Wittgenstein famously said that philosophy leaves the world as it is. Winch takes his ideas into regions that have strong moral and political implications.

==Works==

=== Books ===
Authored
- The Idea of a Social Science and its Relation to Philosophy, London 1958.
  - 2nd edition, with new preface, London 1990.
- Ethics And Action, London 1972.
- Trying to Make Sense, Oxford 1987.
- Simone Weil, the Just Balance, Cambridge 1989.
- Spinoza on ethics and understanding, London 2020. ISBN 9781785275432.

Translated/edited
- Culture and Value, Ludwig Wittgenstein (1980, revised edition 1998). Both editions translated by Peter Winch.
- Studies in the Philosophy of Wittgenstein (1969). Edited, with an introductory essay, by Peter Winch.

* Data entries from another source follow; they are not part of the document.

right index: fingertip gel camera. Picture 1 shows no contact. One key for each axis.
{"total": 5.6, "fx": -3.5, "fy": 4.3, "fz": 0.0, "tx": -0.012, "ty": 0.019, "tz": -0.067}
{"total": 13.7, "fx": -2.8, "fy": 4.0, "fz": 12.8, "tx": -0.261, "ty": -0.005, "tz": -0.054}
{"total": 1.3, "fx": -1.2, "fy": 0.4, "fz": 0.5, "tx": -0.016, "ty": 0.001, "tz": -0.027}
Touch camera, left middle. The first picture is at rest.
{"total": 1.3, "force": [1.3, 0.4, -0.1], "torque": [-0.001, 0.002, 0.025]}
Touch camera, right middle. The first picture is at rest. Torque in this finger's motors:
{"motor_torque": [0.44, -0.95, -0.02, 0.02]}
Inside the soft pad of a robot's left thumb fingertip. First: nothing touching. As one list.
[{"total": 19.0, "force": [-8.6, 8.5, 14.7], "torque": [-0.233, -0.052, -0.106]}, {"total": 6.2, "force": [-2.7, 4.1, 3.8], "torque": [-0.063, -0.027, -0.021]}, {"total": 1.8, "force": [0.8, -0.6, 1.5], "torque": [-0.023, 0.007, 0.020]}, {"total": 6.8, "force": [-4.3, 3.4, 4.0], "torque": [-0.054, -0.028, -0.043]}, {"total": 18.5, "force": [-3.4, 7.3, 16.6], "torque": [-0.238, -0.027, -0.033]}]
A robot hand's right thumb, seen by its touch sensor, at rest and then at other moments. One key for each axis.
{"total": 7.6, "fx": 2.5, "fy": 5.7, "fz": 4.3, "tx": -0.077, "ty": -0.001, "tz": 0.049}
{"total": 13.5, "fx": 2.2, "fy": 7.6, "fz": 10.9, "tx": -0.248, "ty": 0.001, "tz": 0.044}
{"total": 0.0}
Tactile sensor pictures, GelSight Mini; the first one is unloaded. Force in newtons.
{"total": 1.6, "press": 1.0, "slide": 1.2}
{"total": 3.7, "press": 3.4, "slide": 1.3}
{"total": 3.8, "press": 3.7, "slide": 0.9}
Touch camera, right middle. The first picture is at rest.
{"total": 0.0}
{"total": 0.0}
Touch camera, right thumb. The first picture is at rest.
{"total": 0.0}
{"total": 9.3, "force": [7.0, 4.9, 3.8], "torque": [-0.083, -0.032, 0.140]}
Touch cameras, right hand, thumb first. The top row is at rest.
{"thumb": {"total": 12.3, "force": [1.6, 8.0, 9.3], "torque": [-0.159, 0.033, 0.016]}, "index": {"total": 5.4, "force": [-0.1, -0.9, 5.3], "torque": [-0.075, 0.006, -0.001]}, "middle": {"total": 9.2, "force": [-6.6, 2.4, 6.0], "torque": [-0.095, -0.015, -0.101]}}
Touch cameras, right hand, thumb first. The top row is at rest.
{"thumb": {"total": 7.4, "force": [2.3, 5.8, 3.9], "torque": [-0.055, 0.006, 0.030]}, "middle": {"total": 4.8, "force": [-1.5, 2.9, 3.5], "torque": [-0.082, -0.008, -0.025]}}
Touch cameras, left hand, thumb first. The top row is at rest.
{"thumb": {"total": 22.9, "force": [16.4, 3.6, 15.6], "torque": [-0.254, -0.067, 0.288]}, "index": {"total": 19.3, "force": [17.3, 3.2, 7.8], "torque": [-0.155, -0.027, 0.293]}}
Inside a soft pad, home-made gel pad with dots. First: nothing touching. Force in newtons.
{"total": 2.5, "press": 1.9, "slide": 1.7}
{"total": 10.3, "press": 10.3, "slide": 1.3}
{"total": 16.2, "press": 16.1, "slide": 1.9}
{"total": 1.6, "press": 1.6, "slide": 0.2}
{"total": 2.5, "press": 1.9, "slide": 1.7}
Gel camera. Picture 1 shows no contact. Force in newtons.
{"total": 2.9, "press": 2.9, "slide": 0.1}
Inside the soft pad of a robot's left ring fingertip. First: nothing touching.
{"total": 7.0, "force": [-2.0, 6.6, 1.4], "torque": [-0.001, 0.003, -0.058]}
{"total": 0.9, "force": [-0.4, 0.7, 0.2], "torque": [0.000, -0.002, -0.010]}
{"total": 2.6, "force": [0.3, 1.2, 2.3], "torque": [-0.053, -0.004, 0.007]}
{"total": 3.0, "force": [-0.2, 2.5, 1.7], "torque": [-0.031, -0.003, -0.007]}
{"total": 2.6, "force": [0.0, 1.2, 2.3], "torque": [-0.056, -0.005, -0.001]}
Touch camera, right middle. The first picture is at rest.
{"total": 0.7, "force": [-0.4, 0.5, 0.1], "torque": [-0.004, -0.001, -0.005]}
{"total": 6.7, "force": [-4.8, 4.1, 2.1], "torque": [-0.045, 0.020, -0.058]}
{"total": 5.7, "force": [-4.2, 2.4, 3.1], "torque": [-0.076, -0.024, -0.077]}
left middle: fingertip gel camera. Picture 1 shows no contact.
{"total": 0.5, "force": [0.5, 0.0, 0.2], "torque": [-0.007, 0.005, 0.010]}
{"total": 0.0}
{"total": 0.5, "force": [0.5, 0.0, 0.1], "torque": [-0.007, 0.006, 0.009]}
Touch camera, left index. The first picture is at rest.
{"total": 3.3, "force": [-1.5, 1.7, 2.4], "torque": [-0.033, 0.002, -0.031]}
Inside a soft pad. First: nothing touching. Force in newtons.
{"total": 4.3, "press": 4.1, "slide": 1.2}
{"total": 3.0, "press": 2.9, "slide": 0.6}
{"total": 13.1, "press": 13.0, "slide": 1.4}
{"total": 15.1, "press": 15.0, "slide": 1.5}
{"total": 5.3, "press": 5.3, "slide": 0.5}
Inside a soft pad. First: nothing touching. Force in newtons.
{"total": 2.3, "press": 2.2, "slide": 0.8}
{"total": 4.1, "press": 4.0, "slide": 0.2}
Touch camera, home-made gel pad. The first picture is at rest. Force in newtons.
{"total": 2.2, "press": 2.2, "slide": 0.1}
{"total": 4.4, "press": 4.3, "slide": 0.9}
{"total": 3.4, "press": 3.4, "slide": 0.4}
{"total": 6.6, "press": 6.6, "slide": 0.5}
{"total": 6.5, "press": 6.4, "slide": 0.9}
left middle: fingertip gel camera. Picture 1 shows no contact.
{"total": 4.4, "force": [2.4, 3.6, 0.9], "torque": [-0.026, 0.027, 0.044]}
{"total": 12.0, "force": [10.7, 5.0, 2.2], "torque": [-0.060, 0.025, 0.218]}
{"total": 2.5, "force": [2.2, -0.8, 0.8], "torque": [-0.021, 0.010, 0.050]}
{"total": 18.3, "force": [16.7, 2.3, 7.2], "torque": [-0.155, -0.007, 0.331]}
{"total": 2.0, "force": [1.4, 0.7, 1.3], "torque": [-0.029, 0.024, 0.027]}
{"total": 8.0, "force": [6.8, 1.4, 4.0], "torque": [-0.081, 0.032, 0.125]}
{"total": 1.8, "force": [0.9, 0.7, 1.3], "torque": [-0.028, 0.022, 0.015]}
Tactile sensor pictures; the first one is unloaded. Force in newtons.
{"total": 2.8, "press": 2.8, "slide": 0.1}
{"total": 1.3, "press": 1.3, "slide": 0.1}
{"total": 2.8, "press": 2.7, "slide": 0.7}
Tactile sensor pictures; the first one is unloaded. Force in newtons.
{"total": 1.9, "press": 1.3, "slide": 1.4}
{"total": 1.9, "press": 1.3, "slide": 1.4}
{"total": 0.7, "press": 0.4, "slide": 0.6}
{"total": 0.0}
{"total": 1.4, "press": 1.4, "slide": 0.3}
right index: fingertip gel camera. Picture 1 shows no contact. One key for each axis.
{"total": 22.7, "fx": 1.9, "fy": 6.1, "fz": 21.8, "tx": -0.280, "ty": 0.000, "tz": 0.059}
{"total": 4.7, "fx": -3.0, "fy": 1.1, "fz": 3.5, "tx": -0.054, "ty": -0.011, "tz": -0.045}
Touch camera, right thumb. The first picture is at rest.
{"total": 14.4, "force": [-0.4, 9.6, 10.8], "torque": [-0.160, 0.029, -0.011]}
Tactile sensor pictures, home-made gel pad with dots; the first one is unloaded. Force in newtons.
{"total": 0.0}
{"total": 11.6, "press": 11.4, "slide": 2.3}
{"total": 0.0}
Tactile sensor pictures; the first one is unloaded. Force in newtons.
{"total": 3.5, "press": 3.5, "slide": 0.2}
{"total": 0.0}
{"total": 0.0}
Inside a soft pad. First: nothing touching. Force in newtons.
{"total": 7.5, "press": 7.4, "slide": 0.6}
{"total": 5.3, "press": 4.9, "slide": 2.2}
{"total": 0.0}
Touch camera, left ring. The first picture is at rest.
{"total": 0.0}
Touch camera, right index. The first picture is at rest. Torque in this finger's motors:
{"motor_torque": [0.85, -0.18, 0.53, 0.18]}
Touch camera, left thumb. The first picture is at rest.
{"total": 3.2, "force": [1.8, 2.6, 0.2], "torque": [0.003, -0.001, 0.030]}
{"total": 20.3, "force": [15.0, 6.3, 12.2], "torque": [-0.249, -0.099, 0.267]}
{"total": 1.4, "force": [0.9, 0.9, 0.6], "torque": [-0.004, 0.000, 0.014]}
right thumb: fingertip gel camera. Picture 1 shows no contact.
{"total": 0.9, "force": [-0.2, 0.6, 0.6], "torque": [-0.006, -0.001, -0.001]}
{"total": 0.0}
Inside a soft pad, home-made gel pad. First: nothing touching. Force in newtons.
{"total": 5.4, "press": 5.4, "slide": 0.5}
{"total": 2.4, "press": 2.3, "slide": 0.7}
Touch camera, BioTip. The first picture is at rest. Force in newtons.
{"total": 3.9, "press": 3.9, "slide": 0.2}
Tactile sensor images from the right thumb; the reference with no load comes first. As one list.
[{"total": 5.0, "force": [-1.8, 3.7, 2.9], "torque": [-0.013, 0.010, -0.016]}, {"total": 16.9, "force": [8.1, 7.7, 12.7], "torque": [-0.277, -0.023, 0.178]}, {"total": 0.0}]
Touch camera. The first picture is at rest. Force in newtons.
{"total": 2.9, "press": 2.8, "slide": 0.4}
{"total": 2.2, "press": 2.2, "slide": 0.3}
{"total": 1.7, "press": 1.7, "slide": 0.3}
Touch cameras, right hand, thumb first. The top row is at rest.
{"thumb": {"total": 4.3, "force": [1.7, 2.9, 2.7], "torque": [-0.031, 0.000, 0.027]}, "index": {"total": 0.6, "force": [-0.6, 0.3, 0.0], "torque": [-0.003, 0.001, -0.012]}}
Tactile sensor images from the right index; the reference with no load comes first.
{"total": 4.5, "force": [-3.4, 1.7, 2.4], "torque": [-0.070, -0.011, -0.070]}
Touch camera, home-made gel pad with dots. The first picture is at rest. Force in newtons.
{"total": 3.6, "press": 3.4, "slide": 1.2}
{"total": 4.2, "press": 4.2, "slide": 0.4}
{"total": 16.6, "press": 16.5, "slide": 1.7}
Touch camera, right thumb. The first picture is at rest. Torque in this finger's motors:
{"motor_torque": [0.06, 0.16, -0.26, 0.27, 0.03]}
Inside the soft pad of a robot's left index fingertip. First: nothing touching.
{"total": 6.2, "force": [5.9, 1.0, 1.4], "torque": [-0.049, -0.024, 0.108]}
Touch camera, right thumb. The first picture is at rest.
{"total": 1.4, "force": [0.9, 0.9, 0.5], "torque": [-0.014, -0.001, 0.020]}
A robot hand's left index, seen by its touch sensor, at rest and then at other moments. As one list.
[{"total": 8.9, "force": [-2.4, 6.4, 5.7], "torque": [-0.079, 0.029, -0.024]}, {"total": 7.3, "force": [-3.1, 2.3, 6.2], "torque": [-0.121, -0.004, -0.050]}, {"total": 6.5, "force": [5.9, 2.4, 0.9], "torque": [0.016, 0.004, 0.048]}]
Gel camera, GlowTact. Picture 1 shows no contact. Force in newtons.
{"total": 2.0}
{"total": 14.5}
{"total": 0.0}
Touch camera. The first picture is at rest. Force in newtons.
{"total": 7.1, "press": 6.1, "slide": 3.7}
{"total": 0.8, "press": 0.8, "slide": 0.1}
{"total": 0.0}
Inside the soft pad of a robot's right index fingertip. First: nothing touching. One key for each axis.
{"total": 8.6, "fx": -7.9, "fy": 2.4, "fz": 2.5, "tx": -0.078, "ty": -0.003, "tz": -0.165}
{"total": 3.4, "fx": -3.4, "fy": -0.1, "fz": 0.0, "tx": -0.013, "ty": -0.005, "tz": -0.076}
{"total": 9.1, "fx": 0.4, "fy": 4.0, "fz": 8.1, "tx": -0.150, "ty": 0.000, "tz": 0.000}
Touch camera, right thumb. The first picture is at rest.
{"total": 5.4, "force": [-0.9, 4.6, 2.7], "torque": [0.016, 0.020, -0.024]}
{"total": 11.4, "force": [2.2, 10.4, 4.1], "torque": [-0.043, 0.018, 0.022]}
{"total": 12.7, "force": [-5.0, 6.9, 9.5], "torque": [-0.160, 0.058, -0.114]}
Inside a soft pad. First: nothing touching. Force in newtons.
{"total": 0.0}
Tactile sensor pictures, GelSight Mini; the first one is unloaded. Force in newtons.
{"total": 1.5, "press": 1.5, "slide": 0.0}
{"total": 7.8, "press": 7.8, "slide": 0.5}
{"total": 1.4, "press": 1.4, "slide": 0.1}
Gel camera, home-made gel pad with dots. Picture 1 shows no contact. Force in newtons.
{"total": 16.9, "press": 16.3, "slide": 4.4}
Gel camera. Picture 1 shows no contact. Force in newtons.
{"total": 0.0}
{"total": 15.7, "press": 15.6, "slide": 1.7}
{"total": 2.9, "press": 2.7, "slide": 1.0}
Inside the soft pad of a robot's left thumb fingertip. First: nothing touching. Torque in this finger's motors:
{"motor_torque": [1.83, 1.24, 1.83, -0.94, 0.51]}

=== Select articles and book chapters ===
- "Understanding a primitive society" 1964, American Philosophical Quarterly I, pp.307–324, reprinted in Phillips, D. Z. (1967). "Religion and understanding"
- "Ceasing to Exist" Proceedings of the British Academy 68, 1982 (1983)
- "Certainty and Authority". Wittgenstein centenary essays. Royal Institute of Philosophy Supplement. 28: 223–237.(1991)
- "Persuasion". The Wittgenstein Legacy, Midwest Studies in Philosophy. 17: 123–137. (1992)
- “Discussion of Malcolm’s Essay”. In Malcolm, N. Wittgenstein: a Religious Point of View, ed. Peter Winch. Ithaca, NY: Cornell University Press, 1994, pp. 95–135.